The young man was just a few shoulder-widths away.

“People were getting shot around us, and that was when we realized it was gunfire, and we started getting down - squatting down - and then the sound stopped again,” Carol said.

“I was pushing them down, trying to bury her and the step-daughter,” Corry said. When the shooting stopped, they moved - almost leap-frog style - to escape.

“It felt like an eternity listening to these shells and bullets hitting the steel fence just above us,” he said.

Carol said they were caught in a corner of the venue, at a barricade.

“You didn’t have time,” she said. “There were breaks in between when the shots were coming, but you are trying to collect your thoughts of what is actually happening … You think it is done, and you would start to get up, and then they would start up again and you’d have to get back down.”

During the last round of fire, the shots were going over their heads. They could hear the rounds hitting the fence.

“We didn’t know how close they were, but God knows I was praying,” Carol said, thinking about the possibility of losing her daughter or husband. “Parents are always willing to give up their lives for their kids, but you are in that situation, it is really scary.”

They worked to get Chrissy over the fence, then Carol.

“Once they were over the fence, I was going to go over, because there were people injured inside the fence,” Corry said.

Instead, he ended up working with other concertgoers to help some of the wounded escape toward waiting ambulances, until he could get to where Chrissy and Carol were hunkered down under the safety of the stage, along with wounded victims.

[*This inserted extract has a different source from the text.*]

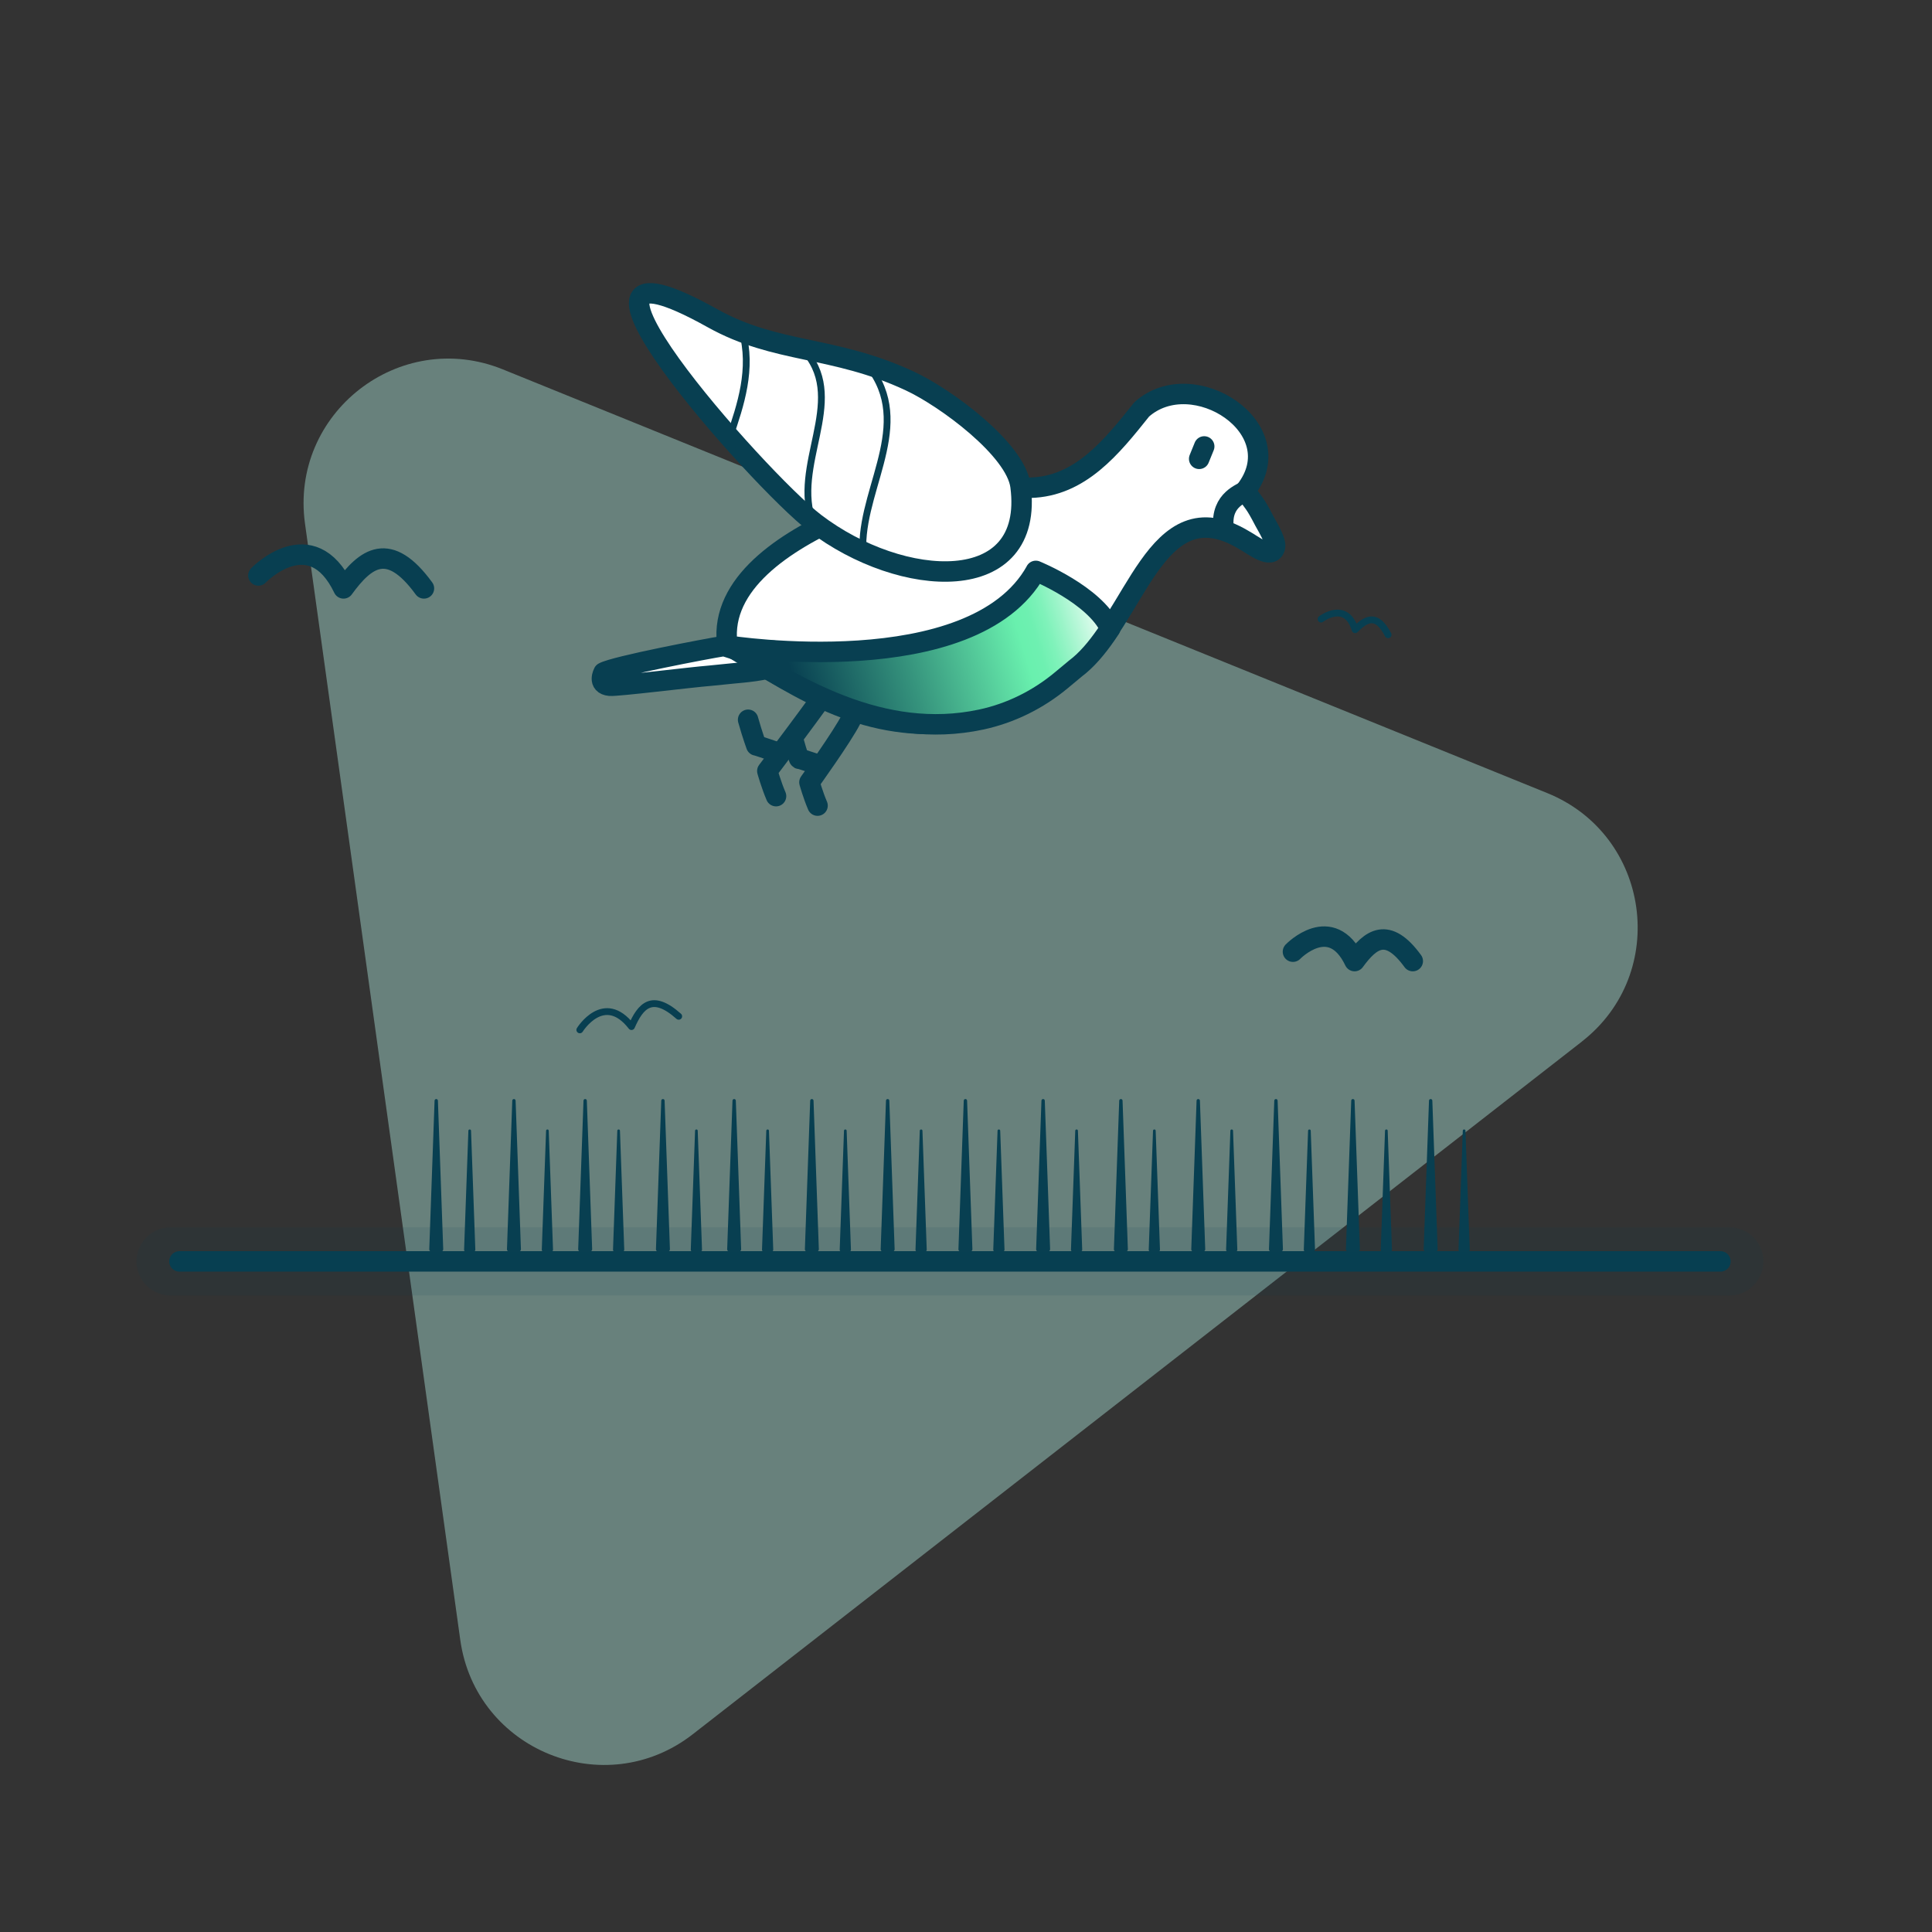 <?xml version="1.0" encoding="UTF-8"?><svg id="uuid-9b7a4f5d-64f1-4a71-9cf1-395622866d53" xmlns="http://www.w3.org/2000/svg" xmlns:xlink="http://www.w3.org/1999/xlink" viewBox="0 0 283.46 283.46"><rect x="0" y="0" width="283.46" height="283.46" fill="#333333" stroke="none"/><defs><linearGradient id="uuid-bd5e1608-b203-4d62-a779-78a03777d500" x1="26.33" y1="185.07" x2="252.42" y2="185.07" gradientUnits="userSpaceOnUse"><stop offset="0" stop-color="#fff"/><stop offset=".01" stop-color="#f0fdf7"/><stop offset=".07" stop-color="#c0f8dd"/><stop offset=".12" stop-color="#9af4c8"/><stop offset=".16" stop-color="#7ff2ba"/><stop offset=".2" stop-color="#6ef0b1"/><stop offset=".24" stop-color="#69f0ae"/><stop offset=".55" stop-color="#36947d"/><stop offset=".86" stop-color="#083f51"/></linearGradient><linearGradient id="uuid-621228fe-2010-4717-a43f-fffd8ad27425" x1="-2902.05" y1="224.91" x2="-2859.86" y2="259.07" gradientTransform="translate(-2442.73 -1210.22) rotate(-157.92) scale(1 -1)" gradientUnits="userSpaceOnUse"><stop offset="0" stop-color="#fff"/><stop offset=".01" stop-color="#f0fdf7"/><stop offset=".07" stop-color="#c0f8dd"/><stop offset=".12" stop-color="#9af4c8"/><stop offset=".16" stop-color="#7ff2ba"/><stop offset=".2" stop-color="#6ef0b1"/><stop offset=".24" stop-color="#69f0ae"/><stop offset=".55" stop-color="#36947d"/><stop offset=".86" stop-color="#083f51"/></linearGradient></defs><g id="uuid-ee5bac0f-7edc-4308-b91f-2668db3ac69f"><rect width="283.46" height="283.46" fill="none" stroke-width="0"/><path d="m232.09,152.82l-130.44,101.62c-12.91,10.06-31.86,2.37-34.12-13.84l-22.78-163.77c-2.25-16.21,13.88-28.78,29.04-22.63l153.22,62.16c15.16,6.15,17.98,26.41,5.07,36.46Z" fill="#97c5bc" opacity=".54" stroke-width="0"/><line x1="26.33" y1="185.07" x2="252.42" y2="185.07" fill="url(#uuid-bd5e1608-b203-4d62-a779-78a03777d500)" stroke="#083f51" stroke-linecap="round" stroke-linejoin="round" stroke-width="3"/><line x1="25.03" y1="185.07" x2="253.72" y2="185.07" fill="#083f51" opacity=".1" stroke="#083f51" stroke-linecap="round" stroke-linejoin="round" stroke-width="10"/><path d="m106.79,95.15c-3.13-17.6,35.23-25.33,35.23-25.33l12.5,9.83-10.26,17.31-37.46-1.82Z" fill="#fff" stroke="#083f51" stroke-linecap="round" stroke-linejoin="round" stroke-width="3"/><path d="m111.66,96.52l-5.44-1.74,5.44,1.74,2.41,1.1c-1.71.8-4.89,1.02-6.72,1.2l-3.18.32c-2.8.22-13.58,1.57-14.7,1.47-1.87-.18-.92-1.94-.92-1.94,1.63-.91,15.12-3.49,17.67-3.89" fill="#fff" stroke="#083f51" stroke-linecap="round" stroke-linejoin="round" stroke-width="3"/><path d="m119.95,118.2c-.66-1.53-1.19-3.42-1.19-3.42,0,0,4.81-6.68,6.12-9.27" fill="none" stroke="#083f51" stroke-linecap="round" stroke-linejoin="round" stroke-width="3"/><path d="m116.43,108.72c.61,2.19.89,2.77.82,2.57,0,0,.88.26,2.94.95" fill="none" stroke="#083f51" stroke-linecap="round" stroke-linejoin="round" stroke-width="3"/><path d="m113.86,116.81c-.71-1.65-1.28-3.69-1.28-3.69,0,0,7.75-10.19,10.18-13.89" fill="none" stroke="#083f51" stroke-linecap="round" stroke-linejoin="round" stroke-width="3"/><path d="m109.76,105.6c.66,2.36,1.28,3.97,1.19,3.75,0,0,.94.29,3.12,1.04" fill="none" stroke="#083f51" stroke-linecap="round" stroke-linejoin="round" stroke-width="3"/><path d="m169.07,76.77c-.74.29-3.69.77-3.08,4.18" fill="none" stroke="#083f51" stroke-linecap="round" stroke-linejoin="round"/><path d="m151.16,71.56c7.31-.19,11.89-5.9,16.35-11.49,7.5-6.73,22.31,2.81,15.21,11.92,1.37,2.12,1.25,1.48,2.8,4.47.25.48,1.73,2.88,1.56,3.75-.42,2.08-3.29-.3-4.63-1.01-13.08-7.83-15.8,12.08-24.6,18.69l-2.02,1.68c-3.41,2.85-7.46,4.87-11.8,5.8-14.69,3.14-24.65-3.08-34.36-9" fill="#fff" stroke="#083f51" stroke-linecap="round" stroke-linejoin="round" stroke-width="3"/><path d="m133.47,55.89c-11.27-5.24-19.5-3.94-28.93-9.2-28.11-15.67,6.74,23.71,15.01,30.03,12.72,9.72,32.3,10.93,30.18-5.39-.7-5.41-11.02-13.01-16.26-15.44Z" fill="#fff" stroke="#083f51" stroke-linecap="round" stroke-linejoin="round" stroke-width="3"/><line x1="176.68" y1="65.5" x2="175.94" y2="67.32" fill="none" stroke="#083f51" stroke-linecap="round" stroke-linejoin="round" stroke-width="3"/><path d="m151.97,83.76s8.65,3.51,10.92,8.45l-.63.93c-1.35,1.94-2.8,3.69-4.48,4.95l-2.02,1.68c-3.41,2.85-7.46,4.87-11.8,5.8-14.69,3.14-27.33-4.91-37.04-10.83,0,0,35.86,5.59,45.06-10.98Z" fill="url(#uuid-621228fe-2010-4717-a43f-fffd8ad27425)" stroke="#083f51" stroke-linecap="round" stroke-linejoin="round" stroke-width="3"/><path d="m182.72,72c-.26.39-3.65,1.2-3.21,5.36" fill="#fff" stroke="#083f51" stroke-linecap="round" stroke-linejoin="round" stroke-width="3"/><path d="m126.7,52.84c7.83,8.53-.08,18.1-.11,27.27" fill="none" stroke="#083f51" stroke-linecap="round" stroke-linejoin="round"/><path d="m117,50.47c7.8,6.86-.09,16.19,1.85,24.73l-11.81-11.04c1.61-4.66,3.42-10.06,1.85-15.6l8.1,1.91Z" fill="none" stroke="#083f51" stroke-linecap="round" stroke-linejoin="round"/><path d="m64.69,183.64h-1.37c-.19,0-.35-.16-.34-.35l.78-21.8c.01-.32.48-.32.49,0l.78,21.8c0,.19-.15.35-.34.35Z" fill="#083f51" stroke-width="0"/><path d="m69.46,183.64h-1.1c-.16,0-.28-.13-.27-.28l.63-17.46c0-.25.39-.25.39,0l.63,17.46c0,.16-.12.28-.27.28Z" fill="#083f51" stroke-width="0"/><path d="m76.09,183.64h-1.37c-.19,0-.35-.16-.34-.35l.78-21.8c.01-.32.48-.32.49,0l.78,21.8c0,.19-.15.35-.34.35Z" fill="#083f51" stroke-width="0"/><path d="m80.86,183.64h-1.1c-.16,0-.28-.13-.27-.28l.63-17.46c0-.25.39-.25.39,0l.63,17.46c0,.16-.12.28-.27.28Z" fill="#083f51" stroke-width="0"/><path d="m86.54,183.64h-1.37c-.19,0-.35-.16-.34-.35l.78-21.8c.01-.32.48-.32.49,0l.78,21.8c0,.19-.15.35-.34.35Z" fill="#083f51" stroke-width="0"/><path d="m91.31,183.64h-1.1c-.16,0-.28-.13-.27-.28l.63-17.46c0-.25.39-.25.39,0l.63,17.46c0,.16-.12.28-.27.28Z" fill="#083f51" stroke-width="0"/><path d="m97.95,183.64h-1.37c-.19,0-.35-.16-.34-.35l.78-21.8c.01-.32.48-.32.49,0l.78,21.8c0,.19-.15.35-.34.35Z" fill="#083f51" stroke-width="0"/><path d="m102.72,183.64h-1.1c-.16,0-.28-.13-.27-.28l.63-17.46c0-.25.39-.25.39,0l.63,17.46c0,.16-.12.28-.27.28Z" fill="#083f51" stroke-width="0"/><path d="m108.4,183.64h-1.37c-.19,0-.35-.16-.34-.35l.78-21.8c.01-.32.48-.32.49,0l.78,21.8c0,.19-.15.35-.34.35Z" fill="#083f51" stroke-width="0"/><path d="m113.17,183.64h-1.1c-.16,0-.28-.13-.27-.28l.63-17.46c0-.25.39-.25.39,0l.63,17.46c0,.16-.12.28-.27.28Z" fill="#083f51" stroke-width="0"/><path d="m119.8,183.64h-1.37c-.19,0-.35-.16-.34-.35l.78-21.8c.01-.32.48-.32.49,0l.78,21.8c0,.19-.15.35-.34.35Z" fill="#083f51" stroke-width="0"/><path d="m124.57,183.64h-1.1c-.16,0-.28-.13-.27-.28l.63-17.46c0-.25.39-.25.39,0l.63,17.46c0,.16-.12.28-.27.28Z" fill="#083f51" stroke-width="0"/><path d="m130.92,183.64h-1.37c-.19,0-.35-.16-.34-.35l.78-21.8c.01-.32.48-.32.49,0l.78,21.8c0,.19-.15.35-.34.35Z" fill="#083f51" stroke-width="0"/><path d="m135.69,183.64h-1.1c-.16,0-.28-.13-.27-.28l.63-17.46c0-.25.39-.25.39,0l.63,17.46c0,.16-.12.28-.27.28Z" fill="#083f51" stroke-width="0"/><path d="m142.33,183.64h-1.37c-.19,0-.35-.16-.34-.35l.78-21.8c.01-.32.48-.32.49,0l.78,21.8c0,.19-.15.35-.34.35Z" fill="#083f51" stroke-width="0"/><path d="m147.1,183.64h-1.1c-.16,0-.28-.13-.27-.28l.63-17.46c0-.25.39-.25.39,0l.63,17.46c0,.16-.12.28-.27.28Z" fill="#083f51" stroke-width="0"/><path d="m153.73,183.64h-1.37c-.19,0-.35-.16-.34-.35l.78-21.8c.01-.32.48-.32.49,0l.78,21.8c0,.19-.15.35-.34.35Z" fill="#083f51" stroke-width="0"/><path d="m158.5,183.64h-1.1c-.16,0-.28-.13-.27-.28l.63-17.46c0-.25.39-.25.39,0l.63,17.46c0,.16-.12.28-.27.28Z" fill="#083f51" stroke-width="0"/><path d="m165.14,183.64h-1.37c-.19,0-.35-.16-.34-.35l.78-21.8c.01-.32.48-.32.49,0l.78,21.8c0,.19-.15.35-.34.35Z" fill="#083f51" stroke-width="0"/><path d="m169.91,183.64h-1.1c-.16,0-.28-.13-.27-.28l.63-17.46c0-.25.39-.25.39,0l.63,17.46c0,.16-.12.28-.27.28Z" fill="#083f51" stroke-width="0"/><path d="m176.49,183.64h-1.37c-.19,0-.35-.16-.34-.35l.78-21.8c.01-.32.48-.32.49,0l.78,21.8c0,.19-.15.35-.34.35Z" fill="#083f51" stroke-width="0"/><path d="m181.26,183.64h-1.1c-.16,0-.28-.13-.27-.28l.63-17.46c0-.25.39-.25.39,0l.63,17.46c0,.16-.12.28-.27.28Z" fill="#083f51" stroke-width="0"/><path d="m187.89,183.64h-1.37c-.19,0-.35-.16-.34-.35l.78-21.8c.01-.32.48-.32.49,0l.78,21.8c0,.19-.15.35-.34.35Z" fill="#083f51" stroke-width="0"/><path d="m192.66,183.64h-1.1c-.16,0-.28-.13-.27-.28l.63-17.46c0-.25.39-.25.39,0l.63,17.46c0,.16-.12.28-.27.28Z" fill="#083f51" stroke-width="0"/><path d="m199.18,183.64h-1.37c-.19,0-.35-.16-.34-.35l.78-21.8c.01-.32.48-.32.49,0l.78,21.8c0,.19-.15.35-.34.35Z" fill="#083f51" stroke-width="0"/><path d="m203.95,183.64h-1.1c-.16,0-.28-.13-.27-.28l.63-17.46c0-.25.39-.25.39,0l.63,17.46c0,.16-.12.28-.27.28Z" fill="#083f51" stroke-width="0"/><path d="m210.59,183.64h-1.37c-.19,0-.35-.16-.34-.35l.78-21.8c.01-.32.48-.32.49,0l.78,21.8c0,.19-.15.35-.34.35Z" fill="#083f51" stroke-width="0"/><path d="m215.36,183.64h-1.1c-.16,0-.28-.13-.27-.28l.63-17.46c0-.25.39-.25.39,0l.63,17.46c0,.16-.12.28-.27.28Z" fill="#083f51" stroke-width="0"/><path d="m37.91,84.43s7.73-8.01,12.49,1.9c3.26-4.48,6.65-7.06,11.8,0" fill="none" stroke="#083f51" stroke-linecap="round" stroke-linejoin="round" stroke-width="3"/><path d="m85.07,151.1s3.52-5.7,7.58-.48c1.34-3.05,3.01-5,6.93-1.51" fill="none" stroke="#083f51" stroke-linecap="round" stroke-linejoin="round"/><path d="m193.82,90.83s3.67-2.8,5,1.56c1.62-1.63,3.17-2.48,4.84.74" fill="none" stroke="#083f51" stroke-linecap="round" stroke-linejoin="round"/><path d="m189.7,139.63s5.6-5.8,9.04,1.38c2.36-3.24,4.82-5.11,8.54,0" fill="none" stroke="#083f51" stroke-linecap="round" stroke-linejoin="round" stroke-width="3"/></g></svg>

He told one kid, “get someplace safe, I’ll be back,” and started assisting with initial triage.

“I can’t not go back and not help,” he explained. “It’s just not in me to walk away from it.”

Corry provided more than an hour of medical assistance to some of the more than 500 wounded.

He didn’t realize how bad the situation was until he went back over the fence, “and there were bodies everywhere - people screaming, yelling for help.”

After getting out of the venue, Carol took to social media to let people back home know that they were safe, and that Corry was providing medical assistance.

“They shut the whole strip down, and were checking hotels one by one because they didn’t know how many shooters there were,” she said. “They started clearing hotels one by one, coming toward us, so we were all in lockdown. … People weren’t gambling any more, they were up in their rooms. I couldn’t believe the amount of security, CIRT guys, but they were coming from everywhere, and they had their guns, big guns.” Corry said each time he went back to provide assistance, there was a law enforcement officer - sheriff, police or CIRT officer - within five or six feet to protect those trying to help.

While Corry was providing medical assistance, both Chrissy and Carol were moved to the Tropicana Hotel for a security check under lockdown.

Around 4 a.m. Monday, as best as they could recall, Corry, Carol and Chrissy reunited and were allowed to leave the strip and head back to Chrissy’s apartment in nearby Henderson.

“People were lying around,” Corry said. “The hotel brought out carts of blankets and sheets, and water. The hotel looked like a cyclone hit it, and we were one of the last groups to be let go.”

“I think this guy really put some thought into this, because it was the last act of the event,” Carol said of the shooter.